[Opening TASK INPUT section]
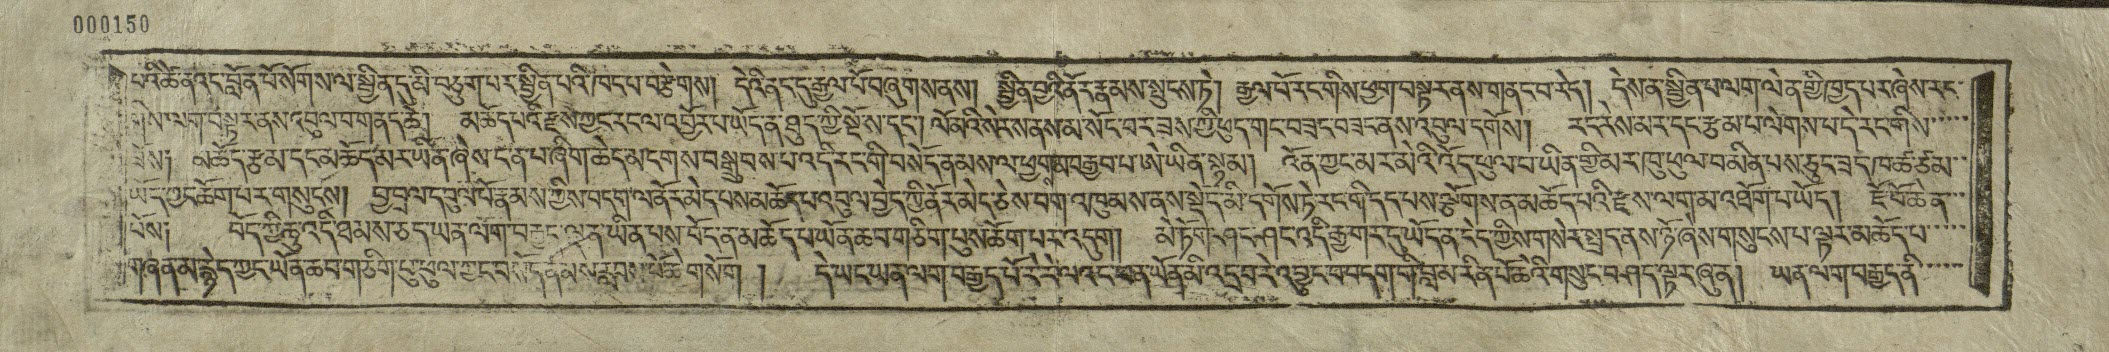པའི་ཚེ་ནའང་བློན་པོ་སོགས་ལ་སྦྱིན་དུ་མི་བཅུག་པར་སྦྱིན་པའི་ཁང་པ་བརྩེགས། དེའི་ནང་དུ་རྒྱལ་པོ་བཞུགས་ནས། སྦྱིན་བྱའི་ནོར་རྣམས་སྤུངས་ཏེ། རྒྱལ་པོ་རང་གིས་ཕྱག་བསྟར་ནས་གནང་བ་རེད། དེས་ན་སྦྱིན་པ་ལག་ལེན་གྱི་ཁྱད་པར་ཞེས་རང་
གིས་ལག་བསྟར་ནས་འབུལ་བ་གནད་ཆེ། མཆོད་པའི་རྫས་ཀྱང་རང་ལ་འབྱོར་པ་ཡོད་ན་ཐུད་ཀྱི་སྔོ་ས་དང་། ལོ་མའི་སེར་ས་ནས་མ་སོང་བར་ཟས་ཀྱི་ཕུད་གང་བཟང་བཟང་ནས་འབུལ་དགོས། རང་རེས་མར་དང་རྩམ་པ་ལེགས་པ་དེ་རང་གིས་
ཟོས༑ མཆོད་རྩམ་དང་མཆོད་མར་ཡིན་ཞེས་ངན་པ་ཞིག་ཆེད་མངགས་བསྒྲུབས་པ་འདི་རང་གི་བསོད་ནམས་ལ་ཕྱགས་མ་བརྒྱབ་པ་ཨེ་ཡིན་སྙམ། འོན་ཀྱང་མར་མེའི་འོད་ཕུལ་བ་ཡིན་གྱི་མར་ཁུ་ཕུལ་བ་མིན་པས་ཅུང་ཟད་ཁ་ཚ་ཙམ་
ཡོད་ཀྱང་ཆོག་པར་གསུངས། བྱ་བྲལ་དབུལ་པོ་རྣམས་ཀྱིས་བདག་ལ་ནོར་མེད་པས་མཆོད་པ་འབུལ་བྱེད་ཀྱི་ནོར་མེད་ཅེས་བག་འཁུམས་ནས་སྡོད་མི་དགོས་ཏེ་རང་གི་དད་པས་ལྕོགས་ན་མཆོད་པའི་རྫས་ལག་མ་འཐོག་པ་ཡོད། ཇོ་བོ་ཆེན་
པོས༑ བོད་ཀྱི་ཆུ་འདི་ཐམས་ཅད་ཡན་ལག་བརྒྱད་ལྡན་ཡིན་པས་བོད་ན་མཆོད་པ་ཡོན་ཆབ་གཅིག་པུས་ཆོག་པར་འདུག་མེ་ཏོག་ཤང་ཤང་འདི་རྒྱ་གར་དུ་ཡོད་ན་ངེད་ཀྱིས་གསེར་སྤྲད་ནས་ཉོ་ཞེས་གསུངས་པ་ལྟར་མཆོད་པ་
གཞན་མ་རྙེད་ཀྱང་ཡོན་ཆབ་གཅིག་པུ་ཕུལ་ཀྱང་བསོད་ནམས་རླབས་པོ་ཆེ་གསོག་དེ་ཡང་ཡན་ལག་བརྒྱད་པོ་རེ་རེ་ལའང་ཕན་ཡོན་མི་འདྲ་བ་རེ་འབྱུང་བ་བདག་གི་བླ་མ་རིན་པོ་ཆེའི་གསུང་བཤད་ལྟར་ཞུ་ན། ཡན་ལག་བརྒྱད་ནི་
[Closing TASK INPUT section]
• [EXERCISE DETAILS]
Write out the whole listing exactly, and drop the pictures.

• [RESPONSE]
པའི་ཚེ་ནའང་བློན་པོ་སོགས་ལ་སྦྱིན་དུ་མི་བཅུག་པར་སྦྱིན་པའི་ཁང་པ་བརྩེགས། དེའི་ནང་དུ་རྒྱལ་པོ་བཞུགས་ནས། སྦྱིན་བྱའི་ནོར་རྣམས་སྤུངས་ཏེ། རྒྱལ་པོ་རང་གིས་ཕྱག་བསྟར་ནས་གནང་བ་རེད། དེས་ན་སྦྱིན་པ་ལག་ལེན་གྱི་ཁྱད་པར་ཞེས་རང་
གིས་ལག་བསྟར་ནས་འབུལ་བ་གནད་ཆེ། མཆོད་པའི་རྫས་ཀྱང་རང་ལ་འབྱོར་པ་ཡོད་ན་ཐུད་ཀྱི་སྔོ་ས་དང་། ལོ་མའི་སེར་ས་ནས་མ་སོང་བར་ཟས་ཀྱི་ཕུད་གང་བཟང་བཟང་ནས་འབུལ་དགོས། རང་རེས་མར་དང་རྩམ་པ་ལེགས་པ་དེ་རང་གིས་
ཟོས༑ མཆོད་རྩམ་དང་མཆོད་མར་ཡིན་ཞེས་ངན་པ་ཞིག་ཆེད་མངགས་བསྒྲུབས་པ་འདི་རང་གི་བསོད་ནམས་ལ་ཕྱགས་མ་བརྒྱབ་པ་ཨེ་ཡིན་སྙམ། འོན་ཀྱང་མར་མེའི་འོད་ཕུལ་བ་ཡིན་གྱི་མར་ཁུ་ཕུལ་བ་མིན་པས་ཅུང་ཟད་ཁ་ཚ་ཙམ་
ཡོད་ཀྱང་ཆོག་པར་གསུངས། བྱ་བྲལ་དབུལ་པོ་རྣམས་ཀྱིས་བདག་ལ་ནོར་མེད་པས་མཆོད་པ་འབུལ་བྱེད་ཀྱི་ནོར་མེད་ཅེས་བག་འཁུམས་ནས་སྡོད་མི་དགོས་ཏེ་རང་གི་དད་པས་ལྕོགས་ན་མཆོད་པའི་རྫས་ལག་མ་འཐོག་པ་ཡོད། ཇོ་བོ་ཆེན་
པོས༑ བོད་ཀྱི་ཆུ་འདི་ཐམས་ཅད་ཡན་ལག་བརྒྱད་ལྡན་ཡིན་པས་བོད་ན་མཆོད་པ་ཡོན་ཆབ་གཅིག་པུས་ཆོག་པར་འདུག་མེ་ཏོག་ཤང་ཤང་འདི་རྒྱ་གར་དུ་ཡོད་ན་ངེད་ཀྱིས་གསེར་སྤྲད་ནས་ཉོ་ཞེས་གསུངས་པ་ལྟར་མཆོད་པ་
གཞན་མ་རྙེད་ཀྱང་ཡོན་ཆབ་གཅིག་པུ་ཕུལ་ཀྱང་བསོད་ནམས་རླབས་པོ་ཆེ་གསོག་དེ་ཡང་ཡན་ལག་བརྒྱད་པོ་རེ་རེ་ལའང་ཕན་ཡོན་མི་འདྲ་བ་རེ་འབྱུང་བ་བདག་གི་བླ་མ་རིན་པོ་ཆེའི་གསུང་བཤད་ལྟར་ཞུ་ན། ཡན་ལག་བརྒྱད་ནི་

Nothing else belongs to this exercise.